WHAT YOU NEED TO DO
For the material that follows, list every line containing the word "style".

STORED DATA
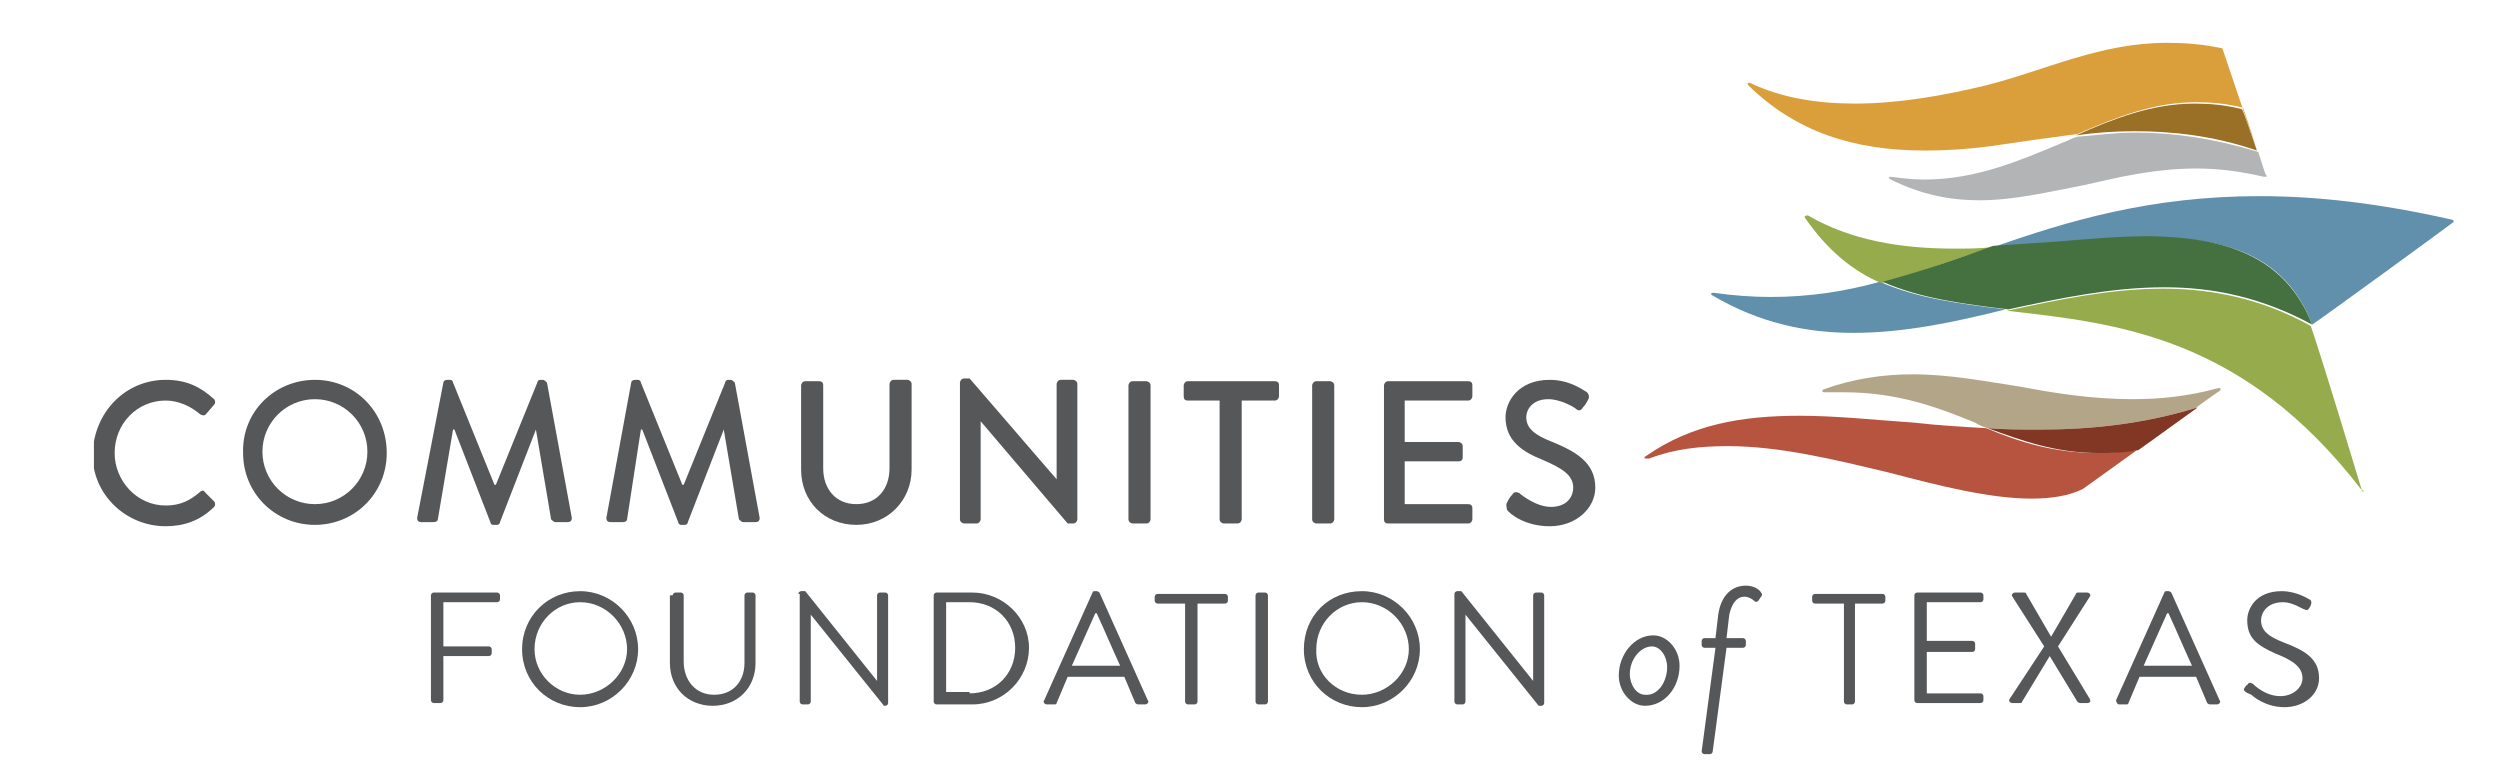 <?xml version="1.0" encoding="utf-8"?>
<!-- Generator: Adobe Illustrator 19.2.0, SVG Export Plug-In . SVG Version: 6.00 Build 0)  -->
<svg version="1.1" id="Layer_1" xmlns="http://www.w3.org/2000/svg" xmlns:xlink="http://www.w3.org/1999/xlink" x="0px" y="0px"
	 viewBox="0 0 181 55" style="enable-background:new 0 0 181 55;" xml:space="preserve">
<style type="text/css">
	.st0{clip-path:url(#SVGID_2_);fill:#555759;}
	.st1{clip-path:url(#SVGID_2_);fill:#6090AB;}
	.st2{clip-path:url(#SVGID_2_);fill:#96AB4B;}
	.st3{clip-path:url(#SVGID_2_);fill:#44713F;}
	.st4{clip-path:url(#SVGID_2_);fill:#B3A587;}
	.st5{clip-path:url(#SVGID_2_);fill:#B75440;}
	.st6{clip-path:url(#SVGID_2_);fill:#813724;}
	.st7{clip-path:url(#SVGID_2_);fill:#B2B4B6;}
	.st8{clip-path:url(#SVGID_2_);fill:#DA9E3B;}
	.st9{clip-path:url(#SVGID_2_);fill:#997026;}
</style>
<g>
	<defs>
		<rect id="SVGID_1_" x="6.8" y="3.1" width="170.9" height="51.5"/>
	</defs>
	<clipPath id="SVGID_2_">
		<use xlink:href="#SVGID_1_"  style="overflow:visible;"/>
	</clipPath>
	<path class="st0" d="M12,27.5c1.5,0,2.5,0.5,3.5,1.4c0.1,0.1,0.1,0.3,0,0.4l-0.6,0.7c-0.1,0.1-0.2,0.1-0.4,0c-0.7-0.6-1.6-1-2.5-1
		c-2.1,0-3.7,1.7-3.7,3.8c0,2,1.6,3.8,3.7,3.8c1.1,0,1.8-0.4,2.5-1c0.1-0.1,0.3-0.1,0.3,0l0.7,0.7c0.1,0.1,0.1,0.3,0,0.4
		c-1,1-2.2,1.4-3.5,1.4c-2.9,0-5.3-2.3-5.3-5.2C6.8,29.8,9.1,27.5,12,27.5"/>
	<path class="st0" d="M22.8,27.5c2.9,0,5.2,2.3,5.2,5.3c0,2.9-2.3,5.2-5.2,5.2c-2.9,0-5.2-2.3-5.2-5.2
		C17.5,29.8,19.9,27.5,22.8,27.5 M22.8,36.5c2.1,0,3.8-1.7,3.8-3.8c0-2.1-1.7-3.8-3.8-3.8c-2.1,0-3.8,1.7-3.8,3.8
		C19,34.8,20.7,36.5,22.8,36.5"/>
	<path class="st0" d="M32.1,27.7c0-0.1,0.1-0.2,0.3-0.2h0.2c0.1,0,0.2,0.1,0.2,0.2l3,7.4h0.1l3-7.4c0-0.1,0.1-0.2,0.2-0.2h0.2
		c0.1,0,0.2,0.1,0.3,0.2l1.8,9.8c0,0.2-0.1,0.3-0.3,0.3h-0.9c-0.1,0-0.2-0.1-0.3-0.2l-1.1-6.5h0l-2.6,6.7c0,0.1-0.1,0.2-0.2,0.2
		h-0.3c-0.1,0-0.2-0.1-0.2-0.2l-2.6-6.7h-0.1l-1.1,6.5c0,0.1-0.1,0.2-0.3,0.2h-0.9c-0.2,0-0.3-0.1-0.3-0.3L32.1,27.7z"/>
	<path class="st0" d="M45.7,27.7c0-0.1,0.1-0.2,0.3-0.2h0.2c0.1,0,0.2,0.1,0.2,0.2l3,7.4h0.1l3-7.4c0-0.1,0.1-0.2,0.2-0.2h0.2
		c0.1,0,0.2,0.1,0.3,0.2l1.8,9.8c0,0.2-0.1,0.3-0.3,0.3h-0.9c-0.1,0-0.2-0.1-0.3-0.2l-1.1-6.5h0l-2.6,6.7c0,0.1-0.1,0.2-0.2,0.2
		h-0.3c-0.1,0-0.2-0.1-0.2-0.2l-2.6-6.7h-0.1l-1,6.5c0,0.1-0.1,0.2-0.3,0.2h-0.9c-0.2,0-0.3-0.1-0.3-0.3L45.7,27.7z"/>
	<path class="st0" d="M58,27.9c0-0.1,0.1-0.3,0.3-0.3h1c0.2,0,0.3,0.1,0.3,0.3v6c0,1.5,0.9,2.6,2.4,2.6c1.5,0,2.4-1.1,2.4-2.6v-6.1
		c0-0.1,0.1-0.3,0.3-0.3h1c0.1,0,0.3,0.1,0.3,0.3V34c0,2.2-1.7,4-4,4c-2.3,0-4-1.7-4-4V27.9z"/>
	<path class="st0" d="M69.5,27.7c0-0.1,0.1-0.3,0.3-0.3h0.4l6.3,7.3h0v-6.9c0-0.1,0.1-0.3,0.3-0.3h0.9c0.1,0,0.3,0.1,0.3,0.3v9.8
		c0,0.1-0.1,0.3-0.3,0.3h-0.4L71,30.5h0v7.1c0,0.1-0.1,0.3-0.3,0.3h-0.9c-0.1,0-0.3-0.1-0.3-0.3V27.7z"/>
	<path class="st0" d="M81.7,27.9c0-0.1,0.1-0.3,0.3-0.3h1c0.1,0,0.3,0.1,0.3,0.3v9.7c0,0.1-0.1,0.3-0.3,0.3h-1
		c-0.1,0-0.3-0.1-0.3-0.3V27.9z"/>
	<path class="st0" d="M88.3,29H86c-0.2,0-0.3-0.1-0.3-0.3v-0.8c0-0.1,0.1-0.3,0.3-0.3h6.3c0.2,0,0.3,0.1,0.3,0.3v0.8
		c0,0.1-0.1,0.3-0.3,0.3h-2.4v8.6c0,0.1-0.1,0.3-0.3,0.3h-1c-0.1,0-0.3-0.1-0.3-0.3V29z"/>
	<path class="st0" d="M95,27.9c0-0.1,0.1-0.3,0.3-0.3h1c0.1,0,0.3,0.1,0.3,0.3v9.7c0,0.1-0.1,0.3-0.3,0.3h-1c-0.1,0-0.3-0.1-0.3-0.3
		V27.9z"/>
	<path class="st0" d="M100.2,27.9c0-0.1,0.1-0.3,0.3-0.3h5.8c0.2,0,0.3,0.1,0.3,0.3v0.8c0,0.1-0.1,0.3-0.3,0.3h-4.6v3h3.9
		c0.1,0,0.3,0.1,0.3,0.3v0.8c0,0.2-0.1,0.3-0.3,0.3h-3.9v3.1h4.6c0.2,0,0.3,0.1,0.3,0.3v0.8c0,0.1-0.1,0.3-0.3,0.3h-5.8
		c-0.2,0-0.3-0.1-0.3-0.3V27.9z"/>
	<path class="st0" d="M109.1,36.4c0.1-0.2,0.2-0.4,0.4-0.6c0.1-0.2,0.3-0.2,0.5-0.1c0.1,0.1,1.2,1,2.3,1c1,0,1.6-0.6,1.6-1.4
		c0-0.9-0.8-1.4-2.2-2c-1.5-0.6-2.7-1.4-2.7-3.1c0-1.1,0.9-2.7,3.2-2.7c1.5,0,2.5,0.8,2.7,0.9c0.1,0.1,0.2,0.3,0.1,0.5
		c-0.1,0.2-0.2,0.4-0.4,0.6c-0.1,0.2-0.3,0.3-0.5,0.1c-0.1-0.1-1.1-0.7-2-0.7c-1.2,0-1.6,0.8-1.6,1.3c0,0.8,0.6,1.3,1.9,1.8
		c1.7,0.7,3.1,1.5,3.1,3.3c0,1.5-1.4,2.8-3.3,2.8c-1.8,0-2.9-0.9-3.1-1.2C109.1,36.7,109,36.6,109.1,36.4"/>
	<path class="st0" d="M31.2,43.1c0-0.1,0.1-0.2,0.2-0.2H36c0.1,0,0.2,0.1,0.2,0.2v0.3c0,0.1-0.1,0.2-0.2,0.2h-3.9v3.2h3.3
		c0.1,0,0.2,0.1,0.2,0.2v0.3c0,0.1-0.1,0.2-0.2,0.2h-3.3v3.2c0,0.1-0.1,0.2-0.2,0.2h-0.5c-0.1,0-0.2-0.1-0.2-0.2V43.1z"/>
	<path class="st0" d="M42,42.8c2.3,0,4.2,1.9,4.2,4.2s-1.9,4.2-4.2,4.2c-2.3,0-4.2-1.8-4.2-4.2S39.7,42.8,42,42.8 M42,50.3
		c1.8,0,3.4-1.5,3.4-3.3c0-1.8-1.5-3.4-3.4-3.4c-1.8,0-3.3,1.5-3.3,3.4C38.7,48.8,40.2,50.3,42,50.3"/>
	<path class="st0" d="M48.7,43.1c0-0.1,0.1-0.2,0.2-0.2h0.4c0.1,0,0.2,0.1,0.2,0.2v4.8c0,1.3,0.8,2.4,2.2,2.4c1.4,0,2.2-1,2.2-2.3
		v-4.9c0-0.1,0.1-0.2,0.2-0.2h0.4c0.1,0,0.2,0.1,0.2,0.2V48c0,1.8-1.3,3.1-3.1,3.1c-1.8,0-3.1-1.3-3.1-3.1V43.1z"/>
	<path class="st0" d="M57.8,43c0-0.1,0.1-0.2,0.2-0.2h0.3l5.2,6.5h0v-6.2c0-0.1,0.1-0.2,0.2-0.2h0.4c0.1,0,0.2,0.1,0.2,0.2v7.8
		c0,0.1-0.1,0.2-0.2,0.2H64l-5.3-6.6h0v6.3c0,0.1-0.1,0.2-0.2,0.2h-0.4c-0.1,0-0.2-0.1-0.2-0.2V43z"/>
	<path class="st0" d="M67.6,43.1c0-0.1,0.1-0.2,0.2-0.2h2.6c2.2,0,4.1,1.8,4.1,4c0,2.2-1.8,4.1-4.1,4.1h-2.6c-0.1,0-0.2-0.1-0.2-0.2
		V43.1z M70.2,50.2c1.9,0,3.3-1.4,3.3-3.3c0-1.9-1.4-3.3-3.3-3.3h-1.7v6.5H70.2z"/>
	<path class="st0" d="M75.6,50.7l3.5-7.8c0-0.1,0.1-0.1,0.2-0.1h0.1c0.1,0,0.2,0.1,0.2,0.1l3.5,7.8c0.1,0.1,0,0.3-0.2,0.3h-0.5
		c-0.1,0-0.2-0.1-0.2-0.1L81.4,49h-4.1l-0.8,1.9c0,0.1-0.1,0.1-0.2,0.1h-0.5C75.6,51,75.5,50.8,75.6,50.7 M81.1,48.2
		c-0.6-1.3-1.1-2.5-1.7-3.8h-0.1l-1.7,3.8H81.1z"/>
	<path class="st0" d="M85.8,43.7h-2c-0.1,0-0.2-0.1-0.2-0.2v-0.3c0-0.1,0.1-0.2,0.2-0.2h4.9c0.1,0,0.2,0.1,0.2,0.2v0.3
		c0,0.1-0.1,0.2-0.2,0.2h-2v7.1c0,0.1-0.1,0.2-0.2,0.2H86c-0.1,0-0.2-0.1-0.2-0.2V43.7z"/>
	<path class="st0" d="M90.9,43.1c0-0.1,0.1-0.2,0.2-0.2h0.5c0.1,0,0.2,0.1,0.2,0.2v7.7c0,0.1-0.1,0.2-0.2,0.2h-0.5
		c-0.1,0-0.2-0.1-0.2-0.2V43.1z"/>
	<path class="st0" d="M98.6,42.8c2.3,0,4.2,1.9,4.2,4.2s-1.9,4.2-4.2,4.2c-2.3,0-4.2-1.8-4.2-4.2S96.2,42.8,98.6,42.8 M98.6,50.3
		c1.8,0,3.4-1.5,3.4-3.3c0-1.8-1.5-3.4-3.4-3.4c-1.8,0-3.3,1.5-3.3,3.4C95.2,48.8,96.7,50.3,98.6,50.3"/>
	<path class="st0" d="M105.3,43c0-0.1,0.1-0.2,0.2-0.2h0.3l5.2,6.5h0v-6.2c0-0.1,0.1-0.2,0.2-0.2h0.4c0.1,0,0.2,0.1,0.2,0.2v7.8
		c0,0.1-0.1,0.2-0.2,0.2h-0.2l-5.3-6.6h0v6.3c0,0.1-0.1,0.2-0.2,0.2h-0.4c-0.1,0-0.2-0.1-0.2-0.2V43z"/>
	<path class="st0" d="M119.7,46c1,0,1.9,1,1.9,2.2c0,1.6-1.1,2.9-2.5,2.9c-1,0-1.9-1-1.9-2.2C117.2,47.4,118.3,46,119.7,46
		 M120.7,48.3c0-0.8-0.5-1.5-1.1-1.5c-0.8,0-1.6,0.9-1.6,2c0,0.8,0.5,1.5,1.1,1.5C120,50.4,120.7,49.4,120.7,48.3"/>
	<path class="st0" d="M124.2,46.9h-0.8c-0.1,0-0.2-0.1-0.2-0.2l0-0.3c0-0.1,0.1-0.2,0.2-0.2h0.8l0.2-1.7c0.2-1.4,1-2.1,2-2.1
		c0.6,0,1,0.3,1.1,0.5c0.1,0.1,0.1,0.2,0,0.3l-0.2,0.3c-0.1,0.1-0.2,0.1-0.3,0c-0.1-0.1-0.4-0.3-0.7-0.3c-0.5,0-0.9,0.4-1.1,1.3
		l-0.2,1.7h1.2c0.1,0,0.2,0.1,0.2,0.2l0,0.3c0,0.1-0.1,0.2-0.2,0.2h-1.2l-1,7.5c0,0.1-0.1,0.2-0.2,0.2h-0.4c-0.1,0-0.2-0.1-0.2-0.2
		L124.2,46.9z"/>
	<path class="st0" d="M133.4,43.7h-2c-0.1,0-0.2-0.1-0.2-0.2v-0.3c0-0.1,0.1-0.2,0.2-0.2h4.9c0.1,0,0.2,0.1,0.2,0.2v0.3
		c0,0.1-0.1,0.2-0.2,0.2h-2v7.1c0,0.1-0.1,0.2-0.2,0.2h-0.4c-0.1,0-0.2-0.1-0.2-0.2V43.7z"/>
	<path class="st0" d="M138.6,43.1c0-0.1,0.1-0.2,0.2-0.2h4.6c0.1,0,0.2,0.1,0.2,0.2v0.3c0,0.1-0.1,0.2-0.2,0.2h-3.9v2.8h3.3
		c0.1,0,0.2,0.1,0.2,0.2V47c0,0.1-0.1,0.2-0.2,0.2h-3.3v3h3.9c0.1,0,0.2,0.1,0.2,0.2v0.3c0,0.1-0.1,0.2-0.2,0.2h-4.6
		c-0.1,0-0.2-0.1-0.2-0.2V43.1z"/>
	<path class="st0" d="M148,46.8l-2.3-3.6c-0.1-0.1,0-0.3,0.2-0.3h0.6c0.1,0,0.2,0,0.2,0.1l1.8,3.1h0l1.8-3.1c0-0.1,0.1-0.1,0.2-0.1
		h0.6c0.2,0,0.3,0.2,0.2,0.3l-2.3,3.6l2.3,3.8c0.1,0.2,0,0.3-0.2,0.3h-0.5c-0.1,0-0.2-0.1-0.2-0.1l-2-3.3h0l-2,3.3
		c0,0.1-0.1,0.1-0.2,0.1h-0.5c-0.2,0-0.3-0.2-0.2-0.3L148,46.8z"/>
	<path class="st0" d="M153.2,50.7l3.5-7.8c0-0.1,0.1-0.1,0.2-0.1h0.1c0.1,0,0.2,0.1,0.2,0.1l3.5,7.8c0.1,0.1,0,0.3-0.2,0.3h-0.5
		c-0.1,0-0.2-0.1-0.2-0.1L159,49h-4.1l-0.8,1.9c0,0.1-0.1,0.1-0.2,0.1h-0.5C153.3,51,153.2,50.8,153.2,50.7 M158.7,48.2
		c-0.6-1.3-1.1-2.5-1.7-3.8h-0.1l-1.7,3.8H158.7z"/>
	<path class="st0" d="M162.5,49.8c0.1-0.1,0.1-0.2,0.2-0.2c0.1-0.2,0.2-0.2,0.4-0.1c0.1,0.1,0.9,0.9,2,0.9c0.9,0,1.6-0.6,1.6-1.3
		c0-0.8-0.7-1.3-2-1.8c-1.3-0.6-2-1.1-2-2.4c0-0.8,0.6-2.1,2.5-2.1c1.1,0,2,0.6,2,0.6c0.1,0,0.2,0.2,0.1,0.4c0,0.1-0.1,0.2-0.1,0.2
		c-0.1,0.2-0.2,0.2-0.4,0.1c-0.1,0-0.8-0.5-1.5-0.5c-1.2,0-1.6,0.8-1.6,1.3c0,0.8,0.6,1.2,1.6,1.6c1.6,0.6,2.6,1.2,2.6,2.6
		c0,1.2-1.1,2.1-2.5,2.1c-1.4,0-2.3-0.8-2.4-0.9C162.5,50.1,162.4,50,162.5,49.8"/>
	<path class="st1" d="M167.4,23.5c-2-5.2-6.5-6.3-11.8-6.3c-2.2,0-4.5,0.2-6.9,0.4c-1.5,0.1-3,0.2-4.5,0.3c0,0,0,0,0.1,0
		c5.4-1.9,11.4-3.7,19.3-3.7c4.1,0,8.6,0.5,13.9,1.7c0.1,0,0.2,0.1,0.1,0.2C177.5,16.2,167.9,23.2,167.4,23.5 M134.2,24.1
		c-3.4,0-6.8-0.7-10.2-2.7c-0.2-0.1-0.1-0.2,0-0.2c0,0,0,0,0.1,0c1.4,0.2,2.8,0.3,4.1,0.3c2.8,0,5.4-0.4,7.9-1.1
		c2.7,1.2,5.8,1.6,9.1,2C141.6,23.3,137.9,24.1,134.2,24.1"/>
	<path class="st2" d="M136.2,20.5c-2.1-0.9-3.9-2.4-5.5-4.7c-0.1-0.1,0-0.2,0.1-0.2c0,0,0.1,0,0.1,0c3.1,1.8,6.7,2.4,10.6,2.4
		c0.9,0,1.8,0,2.7-0.1C141.4,18.8,138.8,19.8,136.2,20.5 M171.1,35.6c0,0-0.1,0-0.1-0.1c-8.6-11.2-17.8-12.1-25.7-13c0,0,0,0,0,0
		c3.7-0.8,7.5-1.6,11.3-1.6c3.5,0,7.1,0.7,10.7,2.7c0,0,0,0,0,0c0.1,0.3,0.2,0.6,0.3,0.9c0,0,0.8,2.4,3.4,11
		C171.2,35.5,171.1,35.6,171.1,35.6"/>
	<path class="st3" d="M167.4,23.5c-3.7-2-7.2-2.7-10.7-2.7c-3.8,0-7.6,0.8-11.3,1.6c0,0,0,0,0,0c-3.3-0.4-6.4-0.8-9.1-2
		c2.6-0.7,5.3-1.6,8-2.6c1.5-0.1,3-0.2,4.5-0.3c2.4-0.2,4.7-0.4,6.9-0.4C160.9,17.2,165.4,18.4,167.4,23.5
		C167.4,23.5,167.4,23.5,167.4,23.5"/>
	<path class="st4" d="M154.8,32.6l4.3-3.1c-3.9,1.2-7.7,1.6-11.4,1.6c-1.3,0-2.5,0-3.8-0.1c-0.3-0.1-0.6-0.2-0.9-0.4
		c-2.7-1.1-5.6-2.2-9.5-2.2c-0.5,0-0.9,0-1.4,0c0,0,0,0,0,0c-0.2,0-0.2-0.1-0.1-0.2c2.2-0.8,4.4-1.1,6.5-1.1c2.6,0,5.2,0.5,7.8,0.9
		c2.6,0.5,5.3,0.9,8.1,0.9c2,0,4-0.2,6.2-0.8c0,0,0.1,0,0.1,0c0.1,0,0.1,0.1,0,0.2C160.5,28.4,155.4,32.1,154.8,32.6"/>
	<path class="st5" d="M147.1,36.1c-3,0-6.6-0.9-10.4-1.9c-3.8-0.9-7.8-1.9-11.6-1.9c-2,0-3.9,0.2-5.7,0.9c-0.1,0-0.1,0-0.2,0
		c-0.2,0-0.2-0.1,0-0.2c3.3-2.3,7-2.9,11.1-2.9c2.6,0,5.4,0.3,8.3,0.5c1.7,0.2,3.5,0.3,5.2,0.4c2.4,1,4.9,1.8,8.1,1.8
		c0.9,0,1.8-0.1,2.7-0.2c0,0,0,0,0.1,0l-3.9,2.8C149.8,35.9,148.5,36.1,147.1,36.1"/>
	<path class="st6" d="M152,32.8c-3.2,0-5.6-0.9-8.1-1.8c1.2,0.1,2.5,0.1,3.8,0.1c3.7,0,7.5-0.4,11.4-1.6l-4.3,3.1c0,0-0.1,0-0.1,0
		C153.7,32.8,152.8,32.8,152,32.8"/>
	<path class="st7" d="M143.3,14.5c-2.1,0-4.2-0.4-6.4-1.5c-0.2-0.1-0.2-0.2,0-0.2c0,0,0,0,0,0c0.8,0.1,1.6,0.2,2.4,0.2
		c3.8,0,7-1.4,10.1-2.7c0.3-0.1,0.6-0.3,1-0.4c1.3-0.1,2.7-0.3,4.2-0.3c2.7,0,5.6,0.4,8.9,1.4c0.3,0.9,0.5,1.7,0.6,1.7
		c0,0.1,0,0.1-0.1,0.1c0,0,0,0-0.1,0c-1.7-0.4-3.3-0.6-4.9-0.6c-2.9,0-5.5,0.6-8.1,1.2C148.3,13.9,145.8,14.5,143.3,14.5"/>
	<path class="st8" d="M163.4,10.9C163.4,10.9,163.4,10.9,163.4,10.9c-0.4-1.4-1-3.1-1-3.1c-1.2-0.3-2.3-0.4-3.4-0.4
		c-3.1,0-5.8,1.1-8.6,2.3c-2.3,0.3-4.4,0.6-6.4,0.9c-1.6,0.2-3.1,0.3-4.6,0.3c-5.3,0-9.4-1.4-12.8-4.7c-0.1-0.1-0.1-0.2,0-0.2
		c0,0,0.1,0,0.1,0c2.3,1.1,4.9,1.5,7.6,1.5c3.2,0,6.5-0.6,9.4-1.3c4.4-1.1,8.3-3.1,13.2-3.1c1.3,0,2.6,0.1,4,0.4L163.4,10.9"/>
	<path class="st9" d="M163.4,10.9c-3.2-1.1-6.2-1.4-8.9-1.4c-1.4,0-2.8,0.1-4.2,0.3c2.7-1.2,5.5-2.3,8.6-2.3c1.1,0,2.2,0.1,3.4,0.4
		C162.4,7.9,162.9,9.5,163.4,10.9"/>
</g>
</svg>

WRITTEN RESPONSE
	 viewBox="0 0 181 55" style="enable-background:new 0 0 181 55;" xml:space="preserve">
<style type="text/css">
</style>
		<use xlink:href="#SVGID_1_"  style="overflow:visible;"/>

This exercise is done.